You can see that the log has wrapped around now, but VLFs 3 and 4 are still active. Look at the sequence numbers of the active VLFs... the active log is VLF 3 then 4 then 1, with sequence numbers 33 then 34 then 35. Now if I carry on filling up the table, what's going to happen when the log bumps up against VLF 3 that is still active? Will it stop or will it grow?

INSERT INTO BigRows DEFAULT VALUES;
GO 300

DBCC LOGINFO ('LogTestDB');
GO

FileId   FileSize   StartOffset   FSeqNo   Status   Parity CreateLSN
-------- ---------- ------------- -------- -------- ------ ------------------
2        1245184    8192          35       2        128    0
2        1245184    1253376       36       2        128    0
2        1245184    2498560       33       2        64     0
2        1499136    3743744       34       2        64     0
2        253952     5242880       37       2        64     36000000049300052
2        270336     5496832       38       2        64     36000000049300052
2        253952     5767168       0        0        0      36000000107500066
2        335872     6021120       0        0        0      36000000107500066
2        253952     6356992       0        0        0      36000000190700020
2        401408     6610944       0        0        0      36000000190700020
2        253952     7012352       0        0        0      37000000037300040
2        466944     7266304       0        0        0      37000000037300040

The answer is that it grew, and kind of skipped the active VLFs! Look at the sequence numbers. The new sequence of the active log is VLF 3 then 4 then 1 then 2 then 5 then 6, as you can see from the sequence numbers. Once the active transaction I created commits or rolls back, VLFs 3, 4, 1, and 2 can clear and then the 'normal' sequencing of VLFs in the log will resume.

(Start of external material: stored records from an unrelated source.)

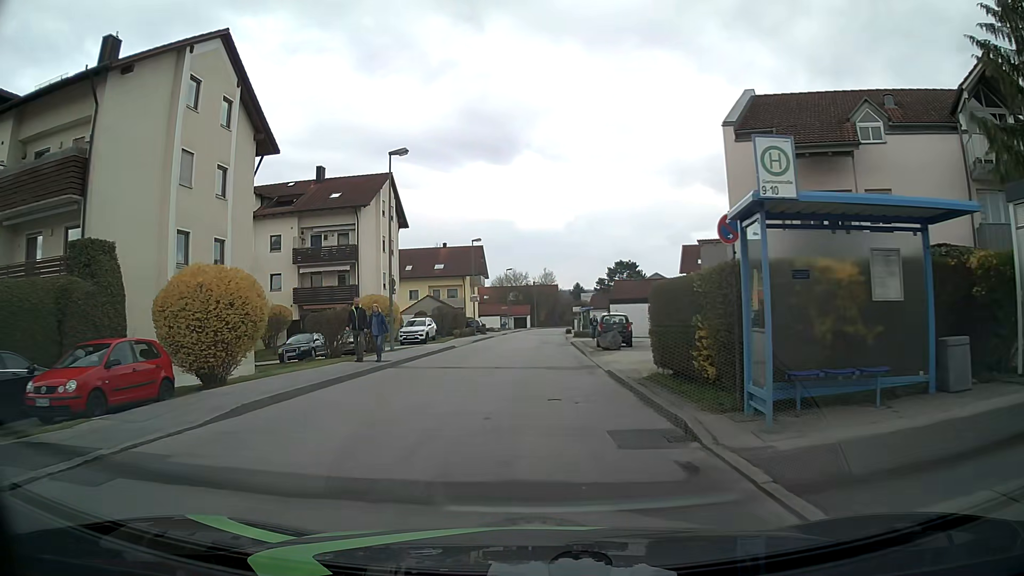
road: unclassified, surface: asphalt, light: Day
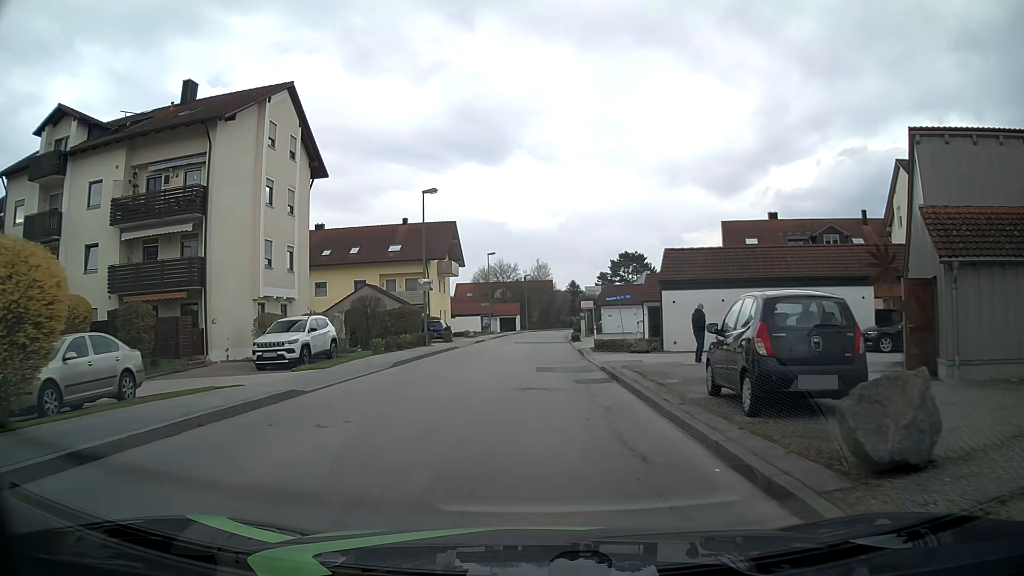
(+0.1, +22.2) m; +1°
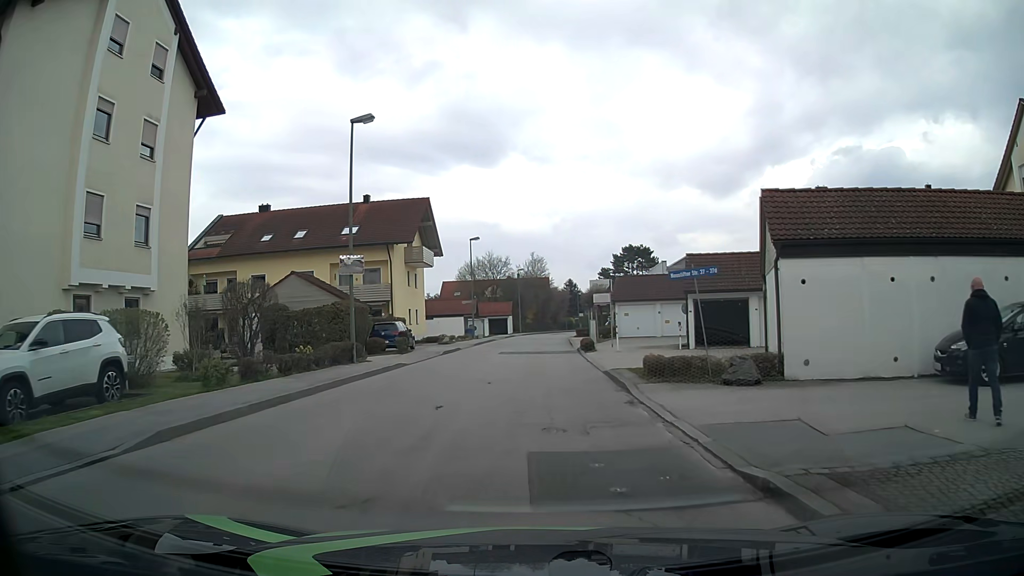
(+0.1, +13.4) m; 0°
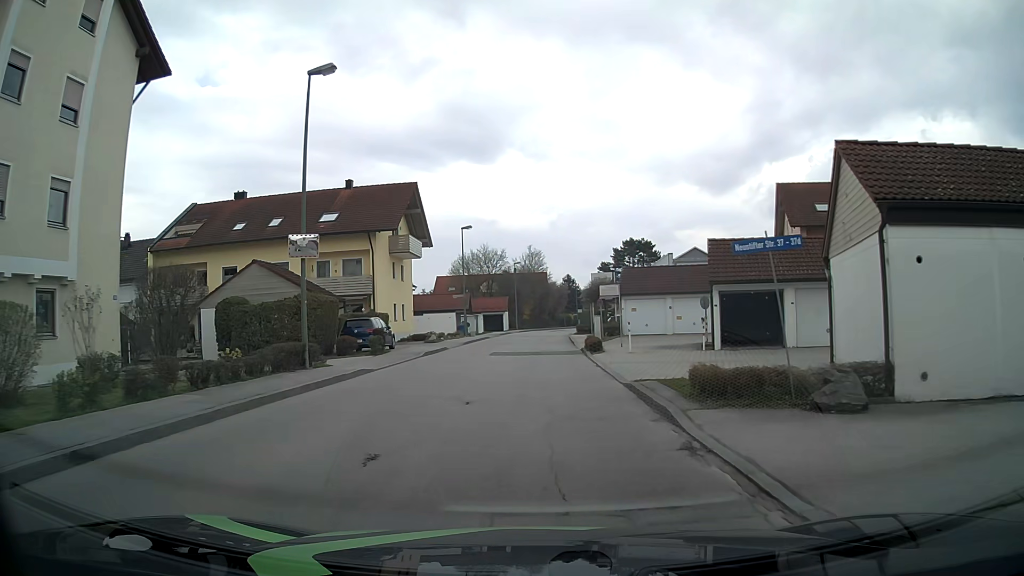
(0.0, +4.5) m; +1°
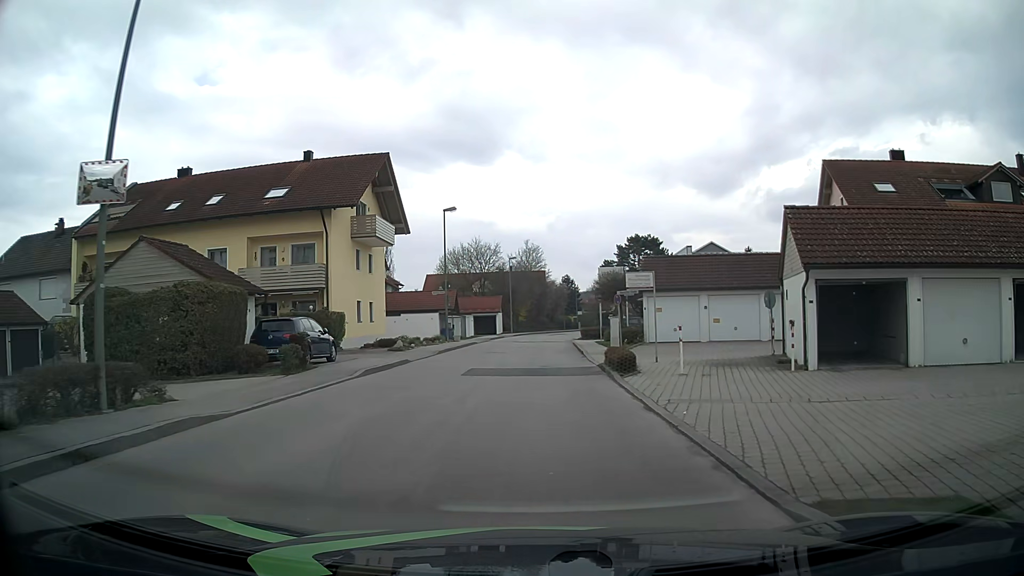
(-0.1, +8.9) m; 0°
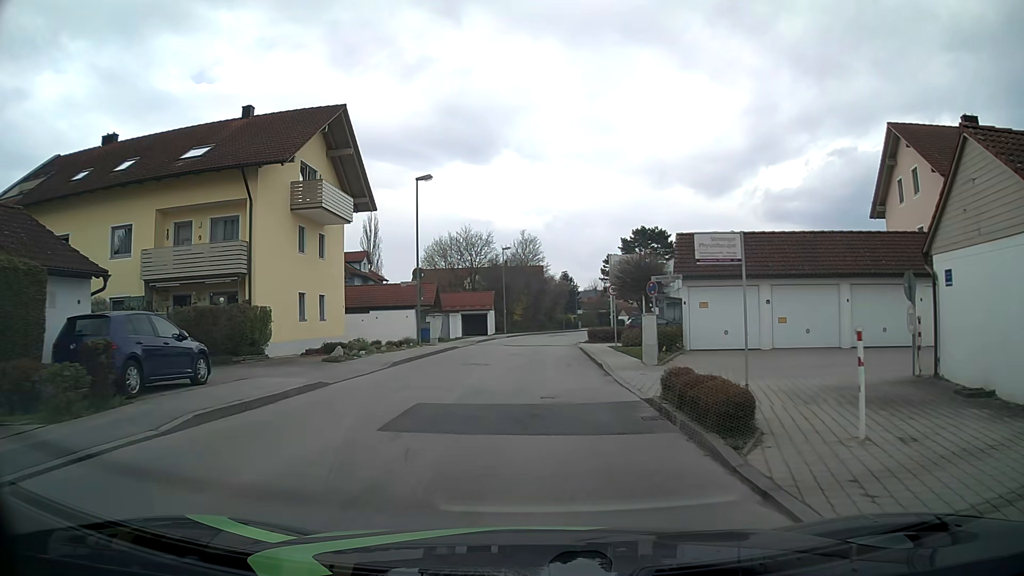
(0.0, +8.9) m; 0°
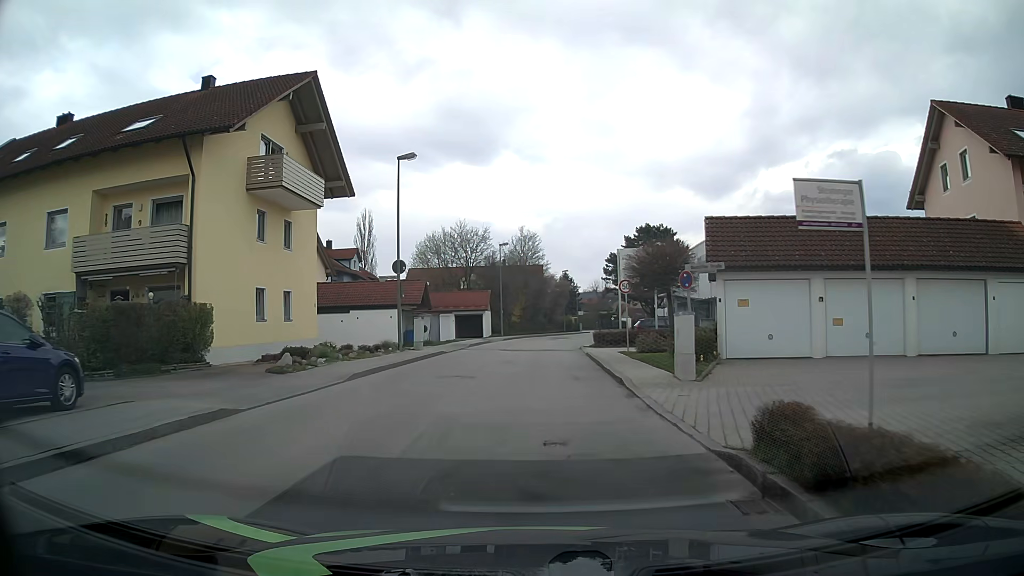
(0.0, +4.5) m; 0°
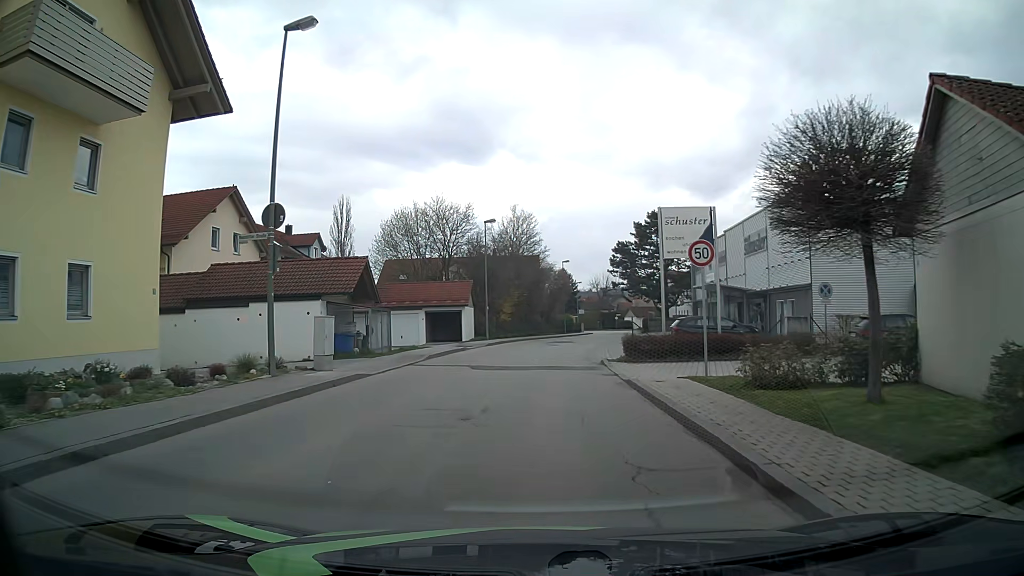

Every VLF has a small header which contains the sequence number of the VLF within the transaction log, so the log can kind of do contortions to work around active VLFs in the middle of the log. Very cool.

Ok - that was fun - now I feel better!

PS In the last couple of DBCC LOGINFO dumps, where the log has wrapped around, you can see that the parity bits for the log blocks in the VLFs have changed, as I explained in one of my previous posts Search Engine Q&A #24: Why can't the transaction log use instant initialization?.